79% of Startup Deaths Occur Here

December 3, 2020

79% of Startups Die in a specific growth stage and we want to change this. Before addressing the best approach to live through to exit, or whatever the intended future would be, let’s get right to it: this “death stage” happens between seed and series A funding rounds. It can also be viewed as early growth stage, through accelerated growth and steady growth. How can we change this?

The approach to breaking through to steady growth:

  • Eliminate blind spots, surface hidden issues and maintain awareness
    • scalabilty issues, friction throughout business, ability to respond to evolving markets, notice emerging opportunities
  • Plan and execute the appropriate strategy with mindset alignment
  • Recognize wide range of resources – funding resources are key

It’s becoming widely recognized that strategies usually aren’t executed well, let alone at all; and this is because group mindset isn’t cohesive nor aligned. But let’s assume a business has a holistic sales growth strategy and mindset already and is about as ready to jump on emerging opportunities as Pfizer on a pandemic vaccine: considering we want to see founders live life expanding their impact, not knocking years or decades off their life for the sacrifices they made to reach an exit, it’s important to consider what resources already surround us which we haven’t noticed yet, take an inventory and put out there what may be missing that could still lift the business further. If a business is at the early growth stage, or in adolescents, we can presume this may be where capital needs fit right in – right in the middle of the “capital gap.”

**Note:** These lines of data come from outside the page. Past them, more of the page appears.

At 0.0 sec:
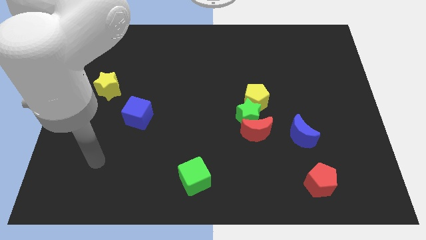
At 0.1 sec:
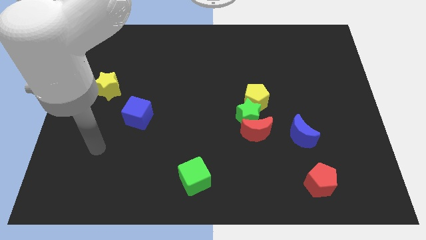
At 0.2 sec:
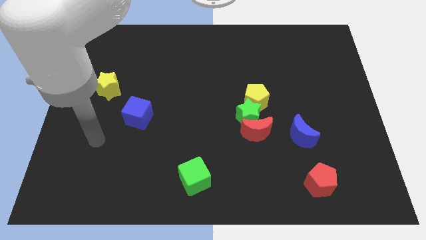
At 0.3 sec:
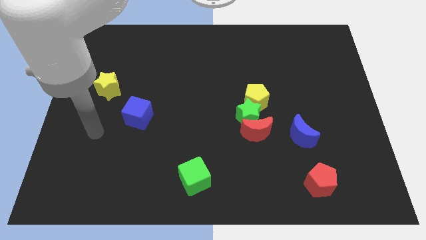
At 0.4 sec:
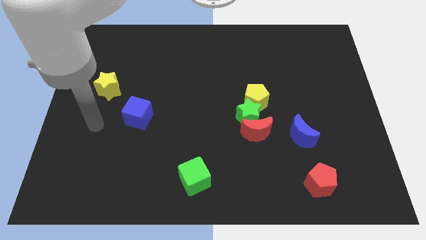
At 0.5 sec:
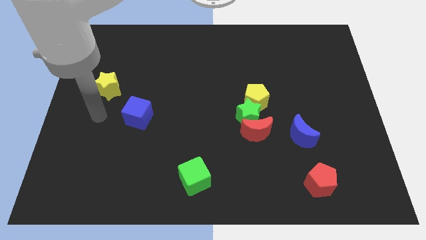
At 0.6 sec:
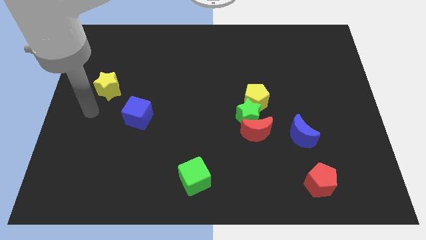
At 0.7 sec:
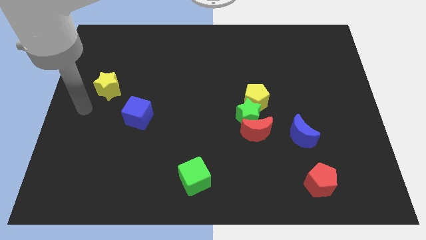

…this “death stage” happens between seed and series A funding rounds. It can also be viewed as early growth stage, through accelerated growth and steady growth.

This so-called “capital gap,’ as referred to by Shane Erickson, founder of Traction Capital, a venture capital and private equity firm, is precisely why he launched Focus Fund I – dedicated to making investments in, or acquisitions of, early stage and lower middle market companies that are stuck in the “capital gap.” – with a focus on Minnesota-based businesses.

“Minnesota has no shortage of great ideas and capable entrepreneurs, but funding availability for these ventures at the early stages lags badly…” said Traction Capital investor and Minnesota Cup Founder Scott Litman. “Traction Capital will be a great complement for Minnesota Cup and other organizations and initiatives that are dedicated to promote and enable the success of entrepreneurism in Minnesota.” (BusinessWire).

We advocate reinvigorating strategy and mindset alignment as the key approach to breaking through challenging circumstances, and given the challenge many of these early stage growth companies face, we’ve teamed up with Traction Capital to make sure everyone we’re working with is playing their best hand and maximizing their impact.